[Start of Attachment]
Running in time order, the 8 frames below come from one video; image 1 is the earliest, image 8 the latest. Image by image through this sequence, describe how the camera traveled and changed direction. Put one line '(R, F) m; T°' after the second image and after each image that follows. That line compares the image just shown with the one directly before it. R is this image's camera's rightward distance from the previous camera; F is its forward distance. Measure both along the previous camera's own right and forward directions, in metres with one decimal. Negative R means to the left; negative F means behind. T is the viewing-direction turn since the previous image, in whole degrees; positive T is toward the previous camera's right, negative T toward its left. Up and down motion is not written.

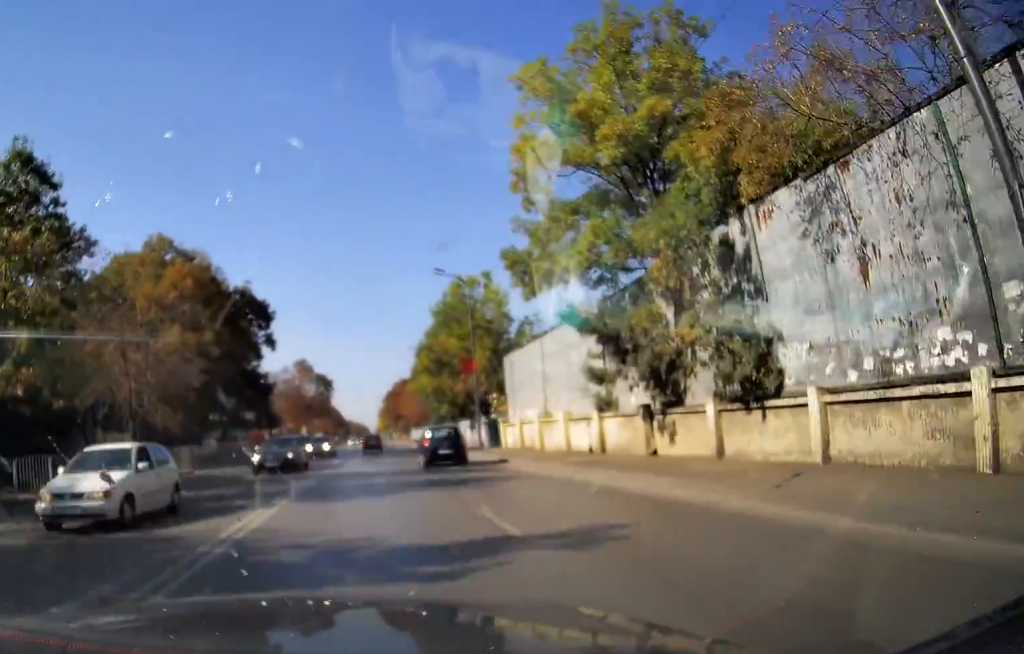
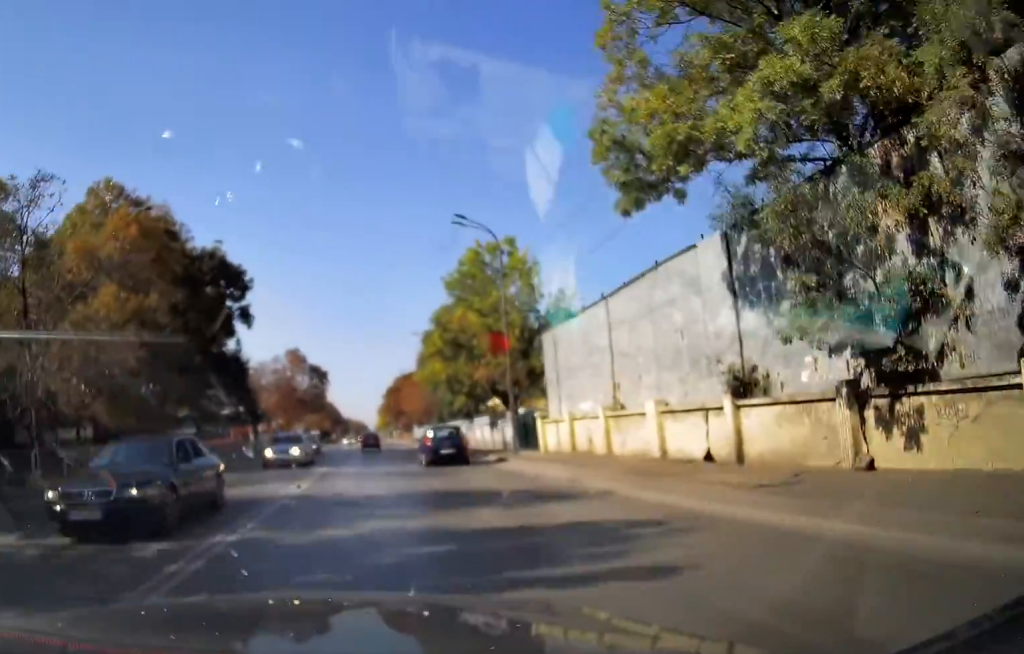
(0.0, +8.3) m; +1°
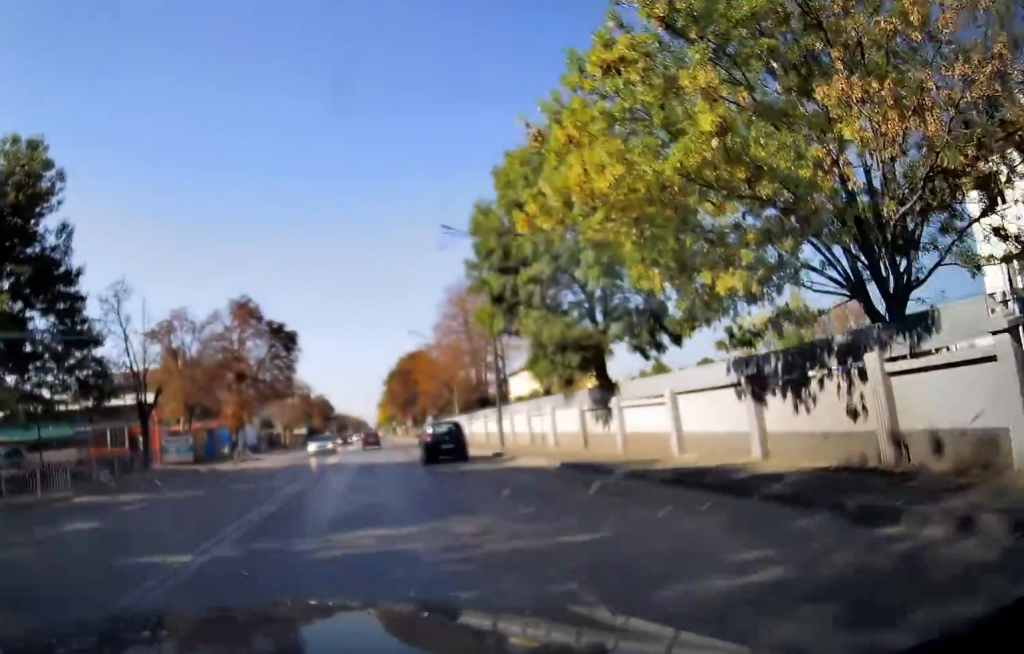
(0.0, +28.4) m; -1°
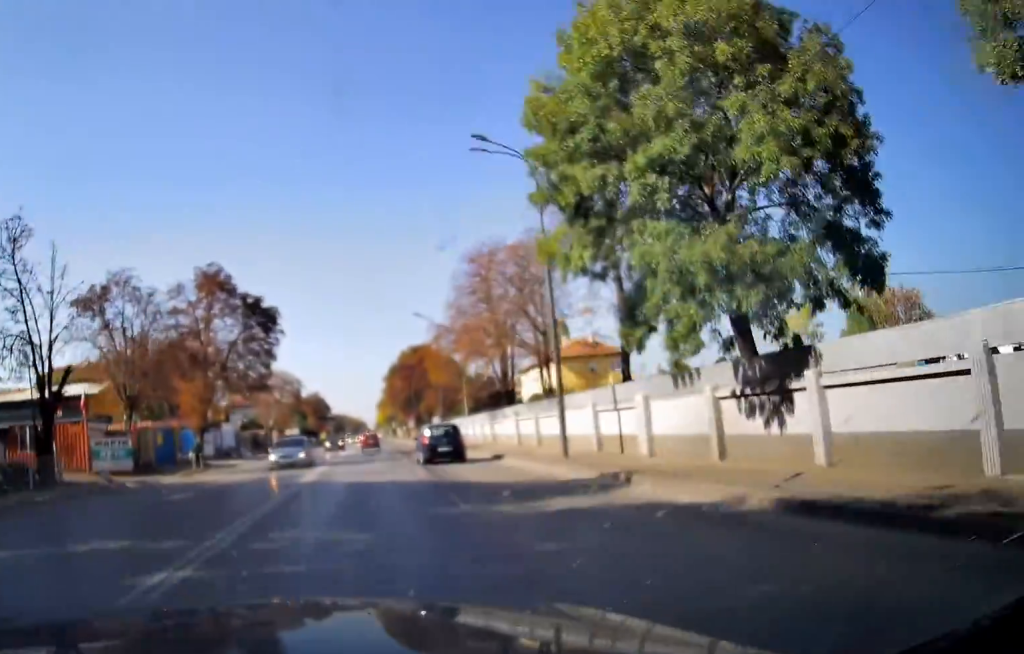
(0.0, +9.5) m; 0°
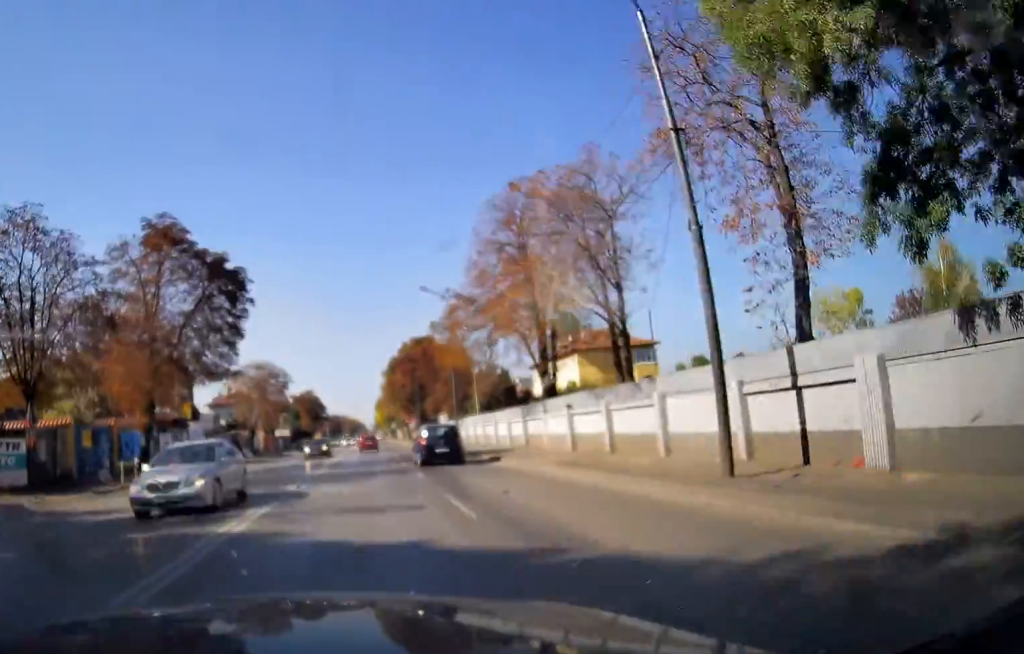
(-0.1, +9.2) m; +1°
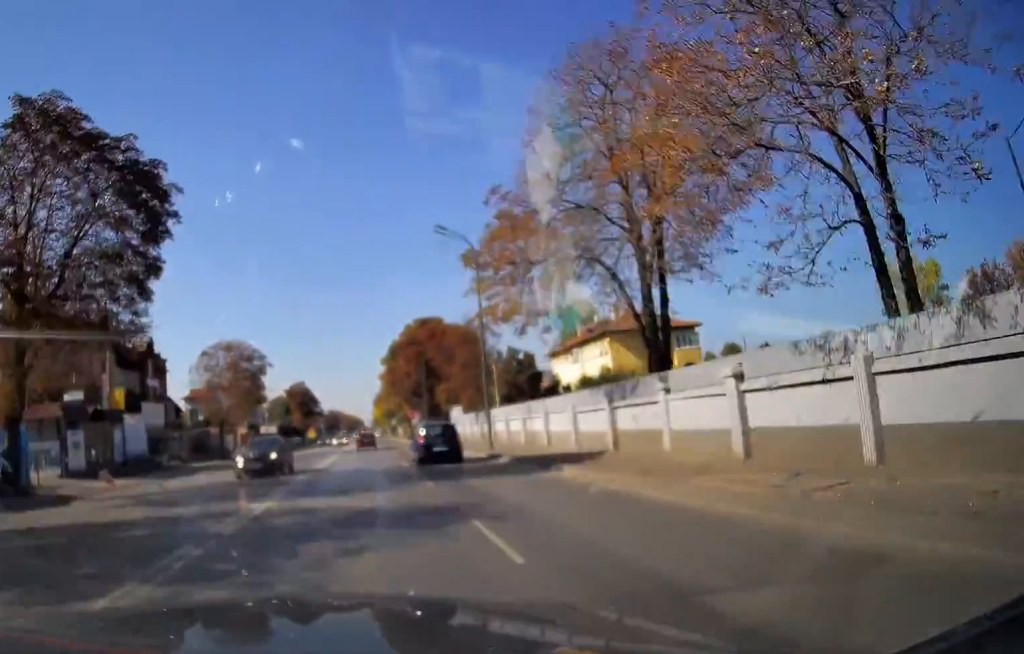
(+0.2, +11.8) m; 0°
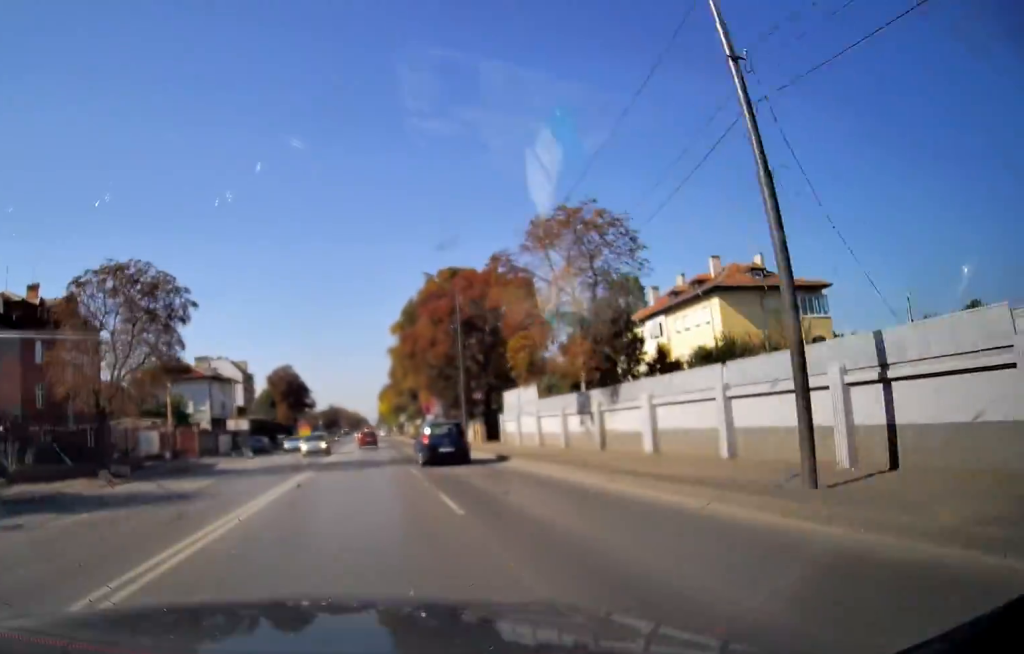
(0.0, +22.1) m; 0°
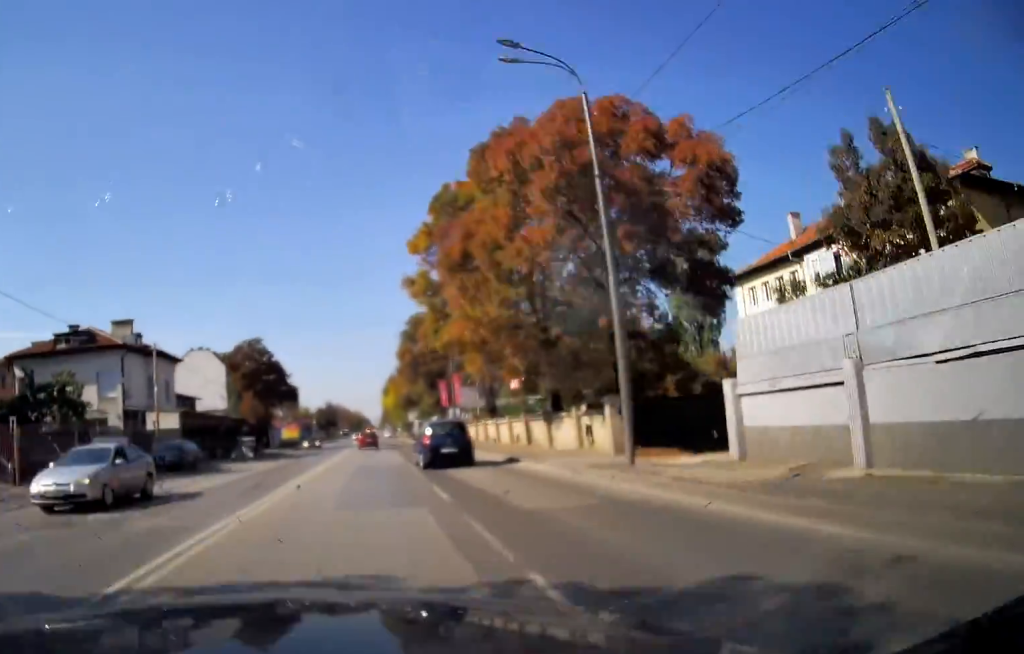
(-0.1, +24.5) m; 0°
[End of Attachment]
:: Assignment ::
Please copy out each line above exactly as written, but not the pictures.

:: Completed exercise ::
Running in time order, the 8 frames below come from one video; image 1 is the earliest, image 8 the latest. Image by image through this sequence, describe how the camera traveled and changed direction. Put one line '(R, F) m; T°' after the second image and after each image that follows. That line compares the image just shown with the one directly before it. R is this image's camera's rightward distance from the previous camera; F is its forward distance. Measure both along the previous camera's own right and forward directions, in metres with one decimal. Negative R means to the left; negative F means behind. T is the viewing-direction turn since the previous image, in whole degrees; positive T is toward the previous camera's right, negative T toward its left. Up and down motion is not written.

(0.0, +8.3) m; +1°
(0.0, +28.4) m; -1°
(0.0, +9.5) m; 0°
(-0.1, +9.2) m; +1°
(+0.2, +11.8) m; 0°
(0.0, +22.1) m; 0°
(-0.1, +24.5) m; 0°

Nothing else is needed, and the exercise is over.